After a short introduction from our tour guide, John, we boarded a minibus and were taken through the gates into the plant site.
The large silver building in the left of the picture above represents a £500M investment and is the new steel pressing plant where all future MINI bodyshells will be made. Tooling is almost complete and they're about to start production here (?). It's full of robots to do all of the heavy and precision work. Workers will probably do mostly quality control types activities. The tour will be extended next year to include this facility. John figured it would add an hour to the existing tour.
We headed off to the Assembly plant where all of the components for the Cooper (all variants), Clubman, Coupe & Roadster Come together in a single assembly line. 450 cars are assembled in each 11 hour shift making that 900 cars a day are assembled and shipped from the facility.

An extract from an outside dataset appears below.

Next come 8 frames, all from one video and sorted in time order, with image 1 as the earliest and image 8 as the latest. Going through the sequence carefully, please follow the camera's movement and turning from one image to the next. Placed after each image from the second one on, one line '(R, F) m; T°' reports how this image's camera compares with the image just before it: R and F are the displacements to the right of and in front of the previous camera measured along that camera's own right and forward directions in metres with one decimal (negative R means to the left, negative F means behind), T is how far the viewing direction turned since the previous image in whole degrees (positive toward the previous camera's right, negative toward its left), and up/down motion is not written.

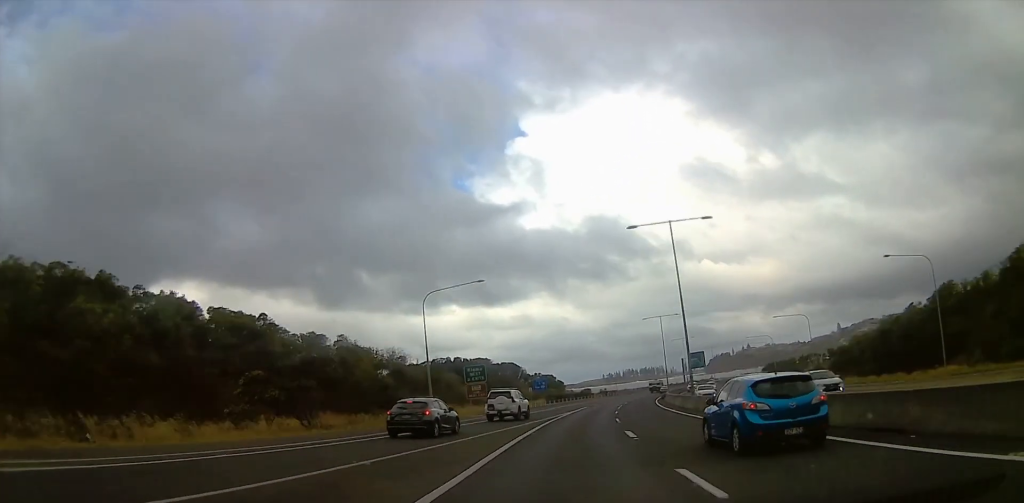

Now I'm a logistics junky so the sheer number of processes that have to be linked together to assemble a car boggles the mind. As its a single assembly line for all versions of the cars I've listed, the systems have to delivery the correct component to the correct point on the line for the given car. Given that MINI allows an almost unlimited combination of options to be spec'd this is amazing.
For example, the seats arrive from Banbury by truck each day. The seat supplier has to load each truck in the order requested by MINI to ensure the correct seat option arrives at the correct car on the assembly line. As a customer I would have hated to have ordered the Recaro seats only to have gotten the regular cloth seats.
This exacting logistical nightmare occurs over and over again at hundreds of assembly stations along the line. Wow!
BTW - We we told there's over 1 1/2 miles of wire in the wiring harness for each MINI. Facts that confound.